Google later posted an update informing users that the 502 errors resulting from the global load balancer issues was resolved as of 1:05 p.m.

Amazon Prime Day, July 16

Amazon has created the biggest shopping day of the year.

But widespread glitches paralyzed sales July 16 just minutes after the fourth annual Amazon Prime Day shopping extravaganza kicked off. The promotion for premium Amazon.com members drives more sales than Black Friday

Those problems were not related to Amazon Web Services, an AWS spokesperson told CRN.

But the failure was a bad look for the world's largest e-commerce site—hosted on the world's leading cloud. Instead of deals, many eager shoppers encountered pictures of dogs accompanied by captions notifying them of the outage.

While shopper frustrations continued throughout the day, and the outage effectively shaved six hours off the 36-hour event, Prime Day sales still managed to break records.

Microsoft, Sept. 5

Microsoft found itself scrambling on two fronts the first week of September to address problems delivering its cloud software services.

The first issue saw users around the world unable to access their Office 365 Outlook or Skype for Business messages for part of Sept. 5. Users reported that when they tried to log into Microsoft they got an error message that said "throttled."

Microsoft blamed the outage on a botched update to Azure's back-end authentication systems.

Meanwhile, on Sept. 4 and Sept. 5, Microsoft grappled with a server and network system shutdown at its data center in San Antonio following a lightning strike. The shutdown interrupted Azure and Office 365 services for customers in Microsoft's South Central U.S. cloud region.

Facebook, Nov. 12 and Nov. 20

November was a bad month for the social networking giant as two outages aggravated users, including some customers of its enterprise collaboration product.

Facebook, including the Workplace collaboration tool, suffered an outage on the afternoon of Nov. 12 that racked up thousands of complaints on DownDetector.com before services were restored.

Within the short period, the hashtag #FacebookDOWN became a top trending topic on Twitter.

Just more than a week later, on Nov. 20, came another outage, the third major downtime incident for Facebook since August.

Three quarters of users who reported issues on the site that day said they were experiencing either a total blackout or login problems from 8 am.

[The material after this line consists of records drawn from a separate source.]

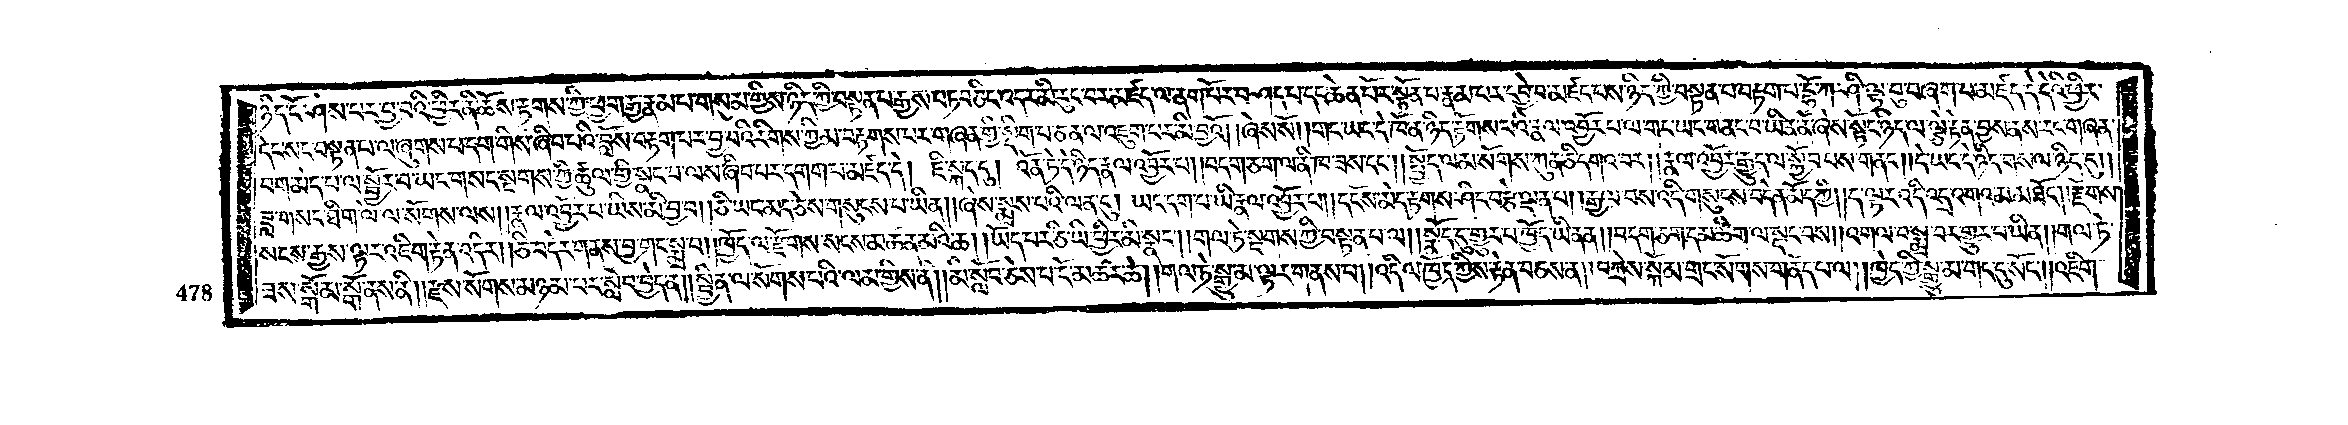ཉིད་ངོ་ཤེས་པར་བྱ་བའི་ཕྱིར་ནི་ཆོས་རྟགས་ཀྱི་ཕྱག་རྒྱ་རྣམ་པ་གསུམ་གྱིས་ཉིད་ཀྱི་བསྟན་པ་རྒྱས་བཏབ་ཅིང་འདར་མི་རུང་བར་མཛད་ལ་ནག་པོར་བཤད་པ་དང་ཆེན་པོར་སྟོན་པ་རྣམ་པར་དབྱེ་བ་མཛད་པས་ཉིད་ཀྱི་བསྟན་པ་བརྟག་པ་དྷོ་ཀ་ཤི་ལྟ་བུ་བཞག་པ་མཛད་དེ་དེའི་ཕྱིར་
དེང་སང་བསྟན་པ་ལ་ཞུགས་པ་དག་གིས་ཞིབ་པའི་བློས་བརྟག་པར་བྱ་བའི་རིགས་ཀྱི་མ་བརྟགས་པར་གཞན་གྱི་སྡིག་པ་ཅན་ལ་འཇུག་པར་མི་བྱའོ། །ཞེས་སོ། །གང་ཡང་དེ་ཁོ་ན་ཉིད་རྟོགས་པའི་རྣལ་འབྱོར་པ་ལ་གང་ཡང་གནང་བ་ཡིན་ནོ་ཞེས་སྟོང་ཉིད་ལ་ལྕེ་རྟེན་བྱས་ནས་རང་གཞན་
བག་མེད་པ་ལ་སྦྱོར་བ་ཡང་གསང་སྔགས་ཀྱི་ཚུལ་གྱི་སྣང་པ་ལས་ཞིབ་པར་དགག་པ་མཛད་དེ། ཇི་སྐད་དུ། འོན་ཏེ་དེ་ཉིད་རྣལ་འབྱོར་པ། །བདག་ཅག་ལ་ནི་ཁ་ཟས་དང་། །སྤྱོད་ལམ་སོགས་ཀུན་ཅི་དགའ་བར། །རྣལ་འབྱོར་རྒྱུད་ལ་སྐྱོབ་པས་གནང་། །དེ་ཡང་དེ་ཉིད་གསལ་ཉིད་དུ།།
ཟླ་གསང་ཐིག་ལེ་ལ་སོགས་ལས། །རྣལ་འབྱོར་པ་ཡིས་མི་བྱ་བ། །ཅི་ཡང་མད་ཅེས་གསུངས་པ་ཡིན། །ཞེས་སྨྲས་པའི་ལན་དུ། ཡང་དག་པ་ཡི་རྣལ་འབྱོར་པ། །དངོས་མེད་རྟགས་ཤིང་བརྩེ་ལྡན་པ། །རྒྱལ་བས་འདི་གསུངས་བདེན་མོད་ཀྱི། །ད་ལྟར་འདི་འདྲ་འགའ་མ་མཐོང་། །རྫོགས་
སངས་རྒྱས་ལྟར་འཇིག་རྟེན་འདིར། །ཅི་བདེར་གནས་བྱ་གང་སྨྲ་བ། །ཁྱོད་ལ་རྫོགས་སངས་མཚན་མའི་ཆ། །ཡོད་པར་ཅི་ཡི་ཕྱིར་མི་སྣང་། །གལ་ཏེ་སྔགས་ཀྱི་བསྟན་པ་ལ། །སྣོད་དུ་གྱུར་པ་ཁྱོད་ཡིན་ན། །བདག་ཅག་དམ་ཚིག་ལ་སྡང་བས། །འགལ་བ་སྨྲ་བར་གྱུར་པ་ཡིན། །གལ་ཏེ་
ཟས་སྒོམ་སྒོ་ནས་ནི། །རྫས་སོགས་མཉམ་པར་སླེབ་བྱེད་ན། །སྦྱིན་ལ་སོགས་པའི་ལམ་གྱིས་ནི། །མི་སློབ་ཅེས་པ་ངོ་མཚར་ཆེ། །གལ་ཏེ་སྒྱུ་མ་ལྟར་གནས་པ། །འདི་ལ་ཁྱོད་ཀྱིས་རྟེན་བཅས་ན། །བཀྲེས་སྐོམ་གྲང་སོགས་གནོད་པ་ལ། །ཁྱེད་ཀྱི་སྒྱུ་མ་གང་དུ་སོང་། །འཇིག་

ET until early afternoon.

Microsoft, Nov. 18

Microsoft disclosed that on Nov. 18, some users were unable to access Azure and Office 365 services.

The outage affected customers required to sign into those cloud services using multifactor authentication, according to the industry's second largest cloud provider.

The outage spanned the Europe, Asia-Pacific and Americas regions, impacting both Azure and Office 365 services from 11:39 p.m. ET that Sunday.